2. Defendant, Michael Withers, is a public school history teacher at Grafton High School and was Plaintiff D. D.’s teacher during relevant time periods and as such was responsible for the daily delivery of a Free Appropriate Public Education (FAPE) to the Plaintiff, D.D.

3. Defendant, Greg Cartwright, is the principal of Grafton High School and as such was responsible for the administration of Grafton High School and the duty to see that handicapped students at Grafton High School were afforded their rights to a FAPE under state and federal law.

4. Defendant, Wendell Teets, is the superintendent of Taylor County Schools and as such is responsible for the administration of educational services in Taylor County as well as the duty to see that principals and teachers under his supervision provide handicapped students with a FAPE as required by state and federal law.

5. The Defendant, Taylor County Board of Education, is a public corporation which has the duty to set educational policy and to ensure that the educational system of Taylor County protects the rights of handicapped students to a FAPE, pursuant to Public Law 94-142 20 U.S.C. :1400 et. seq; and implementing regulations; 34 C.F.R. 300.340 and 300.235.

6. Plaintiff D. D. was diagnosed as having a learning disability in the fourth grade while attending Anna Jarvis School in Taylor County. He was thereafter educated pursuant to an Individual Educational Program CIEP) designed to accommodate his learning disability as required by Public Law 94-142 and implementing federal regulations, 34 C.F.R. 300.130 and implementing State Policy No. 2419, Section 1.3, 1.4 and 2.11.

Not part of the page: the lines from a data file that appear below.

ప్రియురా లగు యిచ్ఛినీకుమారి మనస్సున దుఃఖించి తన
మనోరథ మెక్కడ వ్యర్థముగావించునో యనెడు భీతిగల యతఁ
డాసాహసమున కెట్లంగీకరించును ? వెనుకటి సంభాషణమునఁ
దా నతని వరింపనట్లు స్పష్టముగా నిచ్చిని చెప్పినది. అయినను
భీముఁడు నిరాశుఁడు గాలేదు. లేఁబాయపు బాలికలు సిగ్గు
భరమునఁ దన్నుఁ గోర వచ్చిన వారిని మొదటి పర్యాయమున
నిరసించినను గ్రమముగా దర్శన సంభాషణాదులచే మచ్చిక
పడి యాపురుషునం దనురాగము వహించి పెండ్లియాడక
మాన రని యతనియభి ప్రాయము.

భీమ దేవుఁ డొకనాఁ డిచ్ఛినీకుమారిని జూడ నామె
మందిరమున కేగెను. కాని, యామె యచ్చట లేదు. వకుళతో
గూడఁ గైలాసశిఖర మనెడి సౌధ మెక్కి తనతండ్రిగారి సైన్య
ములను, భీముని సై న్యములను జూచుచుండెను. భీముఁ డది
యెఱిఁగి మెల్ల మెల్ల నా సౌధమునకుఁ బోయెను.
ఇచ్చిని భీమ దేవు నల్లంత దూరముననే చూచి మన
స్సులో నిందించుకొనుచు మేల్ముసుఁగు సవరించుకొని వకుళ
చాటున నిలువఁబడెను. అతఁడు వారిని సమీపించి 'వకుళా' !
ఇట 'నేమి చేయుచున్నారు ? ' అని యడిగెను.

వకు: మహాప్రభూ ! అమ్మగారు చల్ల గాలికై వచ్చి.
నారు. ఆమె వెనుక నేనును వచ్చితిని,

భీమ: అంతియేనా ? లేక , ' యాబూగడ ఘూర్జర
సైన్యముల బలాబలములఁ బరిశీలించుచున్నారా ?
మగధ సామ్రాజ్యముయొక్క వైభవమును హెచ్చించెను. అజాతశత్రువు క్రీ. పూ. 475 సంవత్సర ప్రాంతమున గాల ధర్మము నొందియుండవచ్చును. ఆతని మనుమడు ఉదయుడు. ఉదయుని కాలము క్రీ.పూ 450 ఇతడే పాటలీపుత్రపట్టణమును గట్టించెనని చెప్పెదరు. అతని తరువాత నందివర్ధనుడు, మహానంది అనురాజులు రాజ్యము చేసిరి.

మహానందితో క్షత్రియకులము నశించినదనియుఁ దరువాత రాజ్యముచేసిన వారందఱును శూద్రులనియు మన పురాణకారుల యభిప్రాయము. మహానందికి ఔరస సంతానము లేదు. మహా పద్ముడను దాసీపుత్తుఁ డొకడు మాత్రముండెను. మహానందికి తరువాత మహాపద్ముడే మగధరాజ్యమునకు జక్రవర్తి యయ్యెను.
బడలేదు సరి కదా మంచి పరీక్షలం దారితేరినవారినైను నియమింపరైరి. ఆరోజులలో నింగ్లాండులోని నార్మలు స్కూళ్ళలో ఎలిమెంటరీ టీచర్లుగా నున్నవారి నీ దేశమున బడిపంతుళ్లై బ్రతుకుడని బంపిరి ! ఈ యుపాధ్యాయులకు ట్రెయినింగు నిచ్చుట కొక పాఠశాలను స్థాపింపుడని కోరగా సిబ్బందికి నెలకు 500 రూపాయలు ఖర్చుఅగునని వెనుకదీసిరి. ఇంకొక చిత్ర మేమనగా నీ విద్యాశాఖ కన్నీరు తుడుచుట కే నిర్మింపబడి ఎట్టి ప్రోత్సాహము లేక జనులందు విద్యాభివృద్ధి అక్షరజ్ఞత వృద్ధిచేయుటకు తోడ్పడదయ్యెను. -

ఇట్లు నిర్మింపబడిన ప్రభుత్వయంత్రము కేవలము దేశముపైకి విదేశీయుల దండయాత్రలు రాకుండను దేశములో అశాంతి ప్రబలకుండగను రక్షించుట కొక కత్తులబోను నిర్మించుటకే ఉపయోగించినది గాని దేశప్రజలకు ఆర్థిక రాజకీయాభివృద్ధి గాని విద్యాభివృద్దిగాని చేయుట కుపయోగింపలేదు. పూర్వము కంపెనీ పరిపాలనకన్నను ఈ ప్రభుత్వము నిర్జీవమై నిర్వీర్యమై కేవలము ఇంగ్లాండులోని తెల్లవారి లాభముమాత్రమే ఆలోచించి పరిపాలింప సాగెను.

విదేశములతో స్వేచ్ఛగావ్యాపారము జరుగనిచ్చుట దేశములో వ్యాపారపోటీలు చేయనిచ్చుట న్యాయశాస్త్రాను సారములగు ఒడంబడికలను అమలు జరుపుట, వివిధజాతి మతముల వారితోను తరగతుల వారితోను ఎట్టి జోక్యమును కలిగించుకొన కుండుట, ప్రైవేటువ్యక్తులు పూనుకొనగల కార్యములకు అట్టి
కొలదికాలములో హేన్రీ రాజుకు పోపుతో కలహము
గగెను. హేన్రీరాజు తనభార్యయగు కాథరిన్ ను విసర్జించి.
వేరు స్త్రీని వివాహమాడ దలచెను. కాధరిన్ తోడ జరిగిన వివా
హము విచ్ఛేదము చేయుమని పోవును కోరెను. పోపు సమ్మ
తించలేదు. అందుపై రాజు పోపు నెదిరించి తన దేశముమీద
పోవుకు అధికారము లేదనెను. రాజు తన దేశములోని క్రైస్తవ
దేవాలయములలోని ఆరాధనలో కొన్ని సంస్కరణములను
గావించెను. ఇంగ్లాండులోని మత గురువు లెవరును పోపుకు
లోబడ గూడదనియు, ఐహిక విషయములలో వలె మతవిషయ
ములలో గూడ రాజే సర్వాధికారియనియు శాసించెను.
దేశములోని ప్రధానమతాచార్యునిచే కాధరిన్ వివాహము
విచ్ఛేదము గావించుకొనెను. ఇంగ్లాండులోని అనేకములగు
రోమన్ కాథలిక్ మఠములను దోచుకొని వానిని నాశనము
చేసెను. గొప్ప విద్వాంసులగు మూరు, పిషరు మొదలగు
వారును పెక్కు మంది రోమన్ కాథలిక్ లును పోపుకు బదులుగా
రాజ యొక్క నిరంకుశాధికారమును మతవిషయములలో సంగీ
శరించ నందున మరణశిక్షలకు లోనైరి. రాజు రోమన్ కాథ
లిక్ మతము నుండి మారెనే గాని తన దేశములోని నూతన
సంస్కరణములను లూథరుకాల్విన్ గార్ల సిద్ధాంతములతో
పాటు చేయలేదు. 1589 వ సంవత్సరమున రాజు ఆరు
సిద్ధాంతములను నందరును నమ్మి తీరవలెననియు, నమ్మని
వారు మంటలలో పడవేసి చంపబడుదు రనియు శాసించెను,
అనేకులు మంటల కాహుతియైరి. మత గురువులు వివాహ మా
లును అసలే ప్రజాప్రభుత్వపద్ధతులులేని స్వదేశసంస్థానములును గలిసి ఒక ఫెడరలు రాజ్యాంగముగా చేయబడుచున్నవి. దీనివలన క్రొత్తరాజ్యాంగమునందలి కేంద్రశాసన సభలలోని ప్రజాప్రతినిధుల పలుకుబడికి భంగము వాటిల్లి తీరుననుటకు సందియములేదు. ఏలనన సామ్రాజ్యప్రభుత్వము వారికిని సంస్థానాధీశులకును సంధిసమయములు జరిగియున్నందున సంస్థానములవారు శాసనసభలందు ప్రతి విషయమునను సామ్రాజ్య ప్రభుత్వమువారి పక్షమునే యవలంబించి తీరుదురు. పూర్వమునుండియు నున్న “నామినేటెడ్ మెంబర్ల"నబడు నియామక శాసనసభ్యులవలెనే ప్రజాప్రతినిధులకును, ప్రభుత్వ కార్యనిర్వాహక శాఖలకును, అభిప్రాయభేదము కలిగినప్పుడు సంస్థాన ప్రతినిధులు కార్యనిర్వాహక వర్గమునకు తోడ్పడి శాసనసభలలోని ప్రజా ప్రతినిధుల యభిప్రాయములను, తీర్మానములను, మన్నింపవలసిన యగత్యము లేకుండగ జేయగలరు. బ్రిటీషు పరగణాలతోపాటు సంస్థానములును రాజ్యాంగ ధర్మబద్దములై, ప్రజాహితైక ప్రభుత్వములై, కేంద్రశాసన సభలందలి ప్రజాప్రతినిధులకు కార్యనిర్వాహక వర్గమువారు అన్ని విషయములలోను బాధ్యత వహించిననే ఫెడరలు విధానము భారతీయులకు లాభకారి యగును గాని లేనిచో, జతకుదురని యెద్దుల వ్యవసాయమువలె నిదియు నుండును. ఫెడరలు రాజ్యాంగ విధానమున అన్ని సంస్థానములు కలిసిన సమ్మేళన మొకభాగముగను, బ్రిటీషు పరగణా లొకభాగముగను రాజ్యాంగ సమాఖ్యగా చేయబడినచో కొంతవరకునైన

7. Because of Plaintiff D. D.'s learning disability his educational program was adapted to provide for oral testing by a learning disabilities teacher in a learning disabilities resource classroom.

8. Oral testing of Plaintiff D. D. was appropriate for him and was regularly provided at Anna Jarvis School and Grafton Middle School.

9. In the Fall of 1990, the Plaintiff, D. D., entered Grafton High School as a learning disabled student and was assigned to Defendant Michael Withers' history class.

10. The Plaintiff, D. D., received low grades in most subjects during the first quarter of his first year at Grafton High School.

11. Concerned about their son’s low grades, the Plaintiffs, John Doe and Jane Doe, scheduled meetings with all of D. D.’s teachers to discuss their son’s IEP and to stress the need for oral testing by a learning disabilities teacher in a learning disability resource room.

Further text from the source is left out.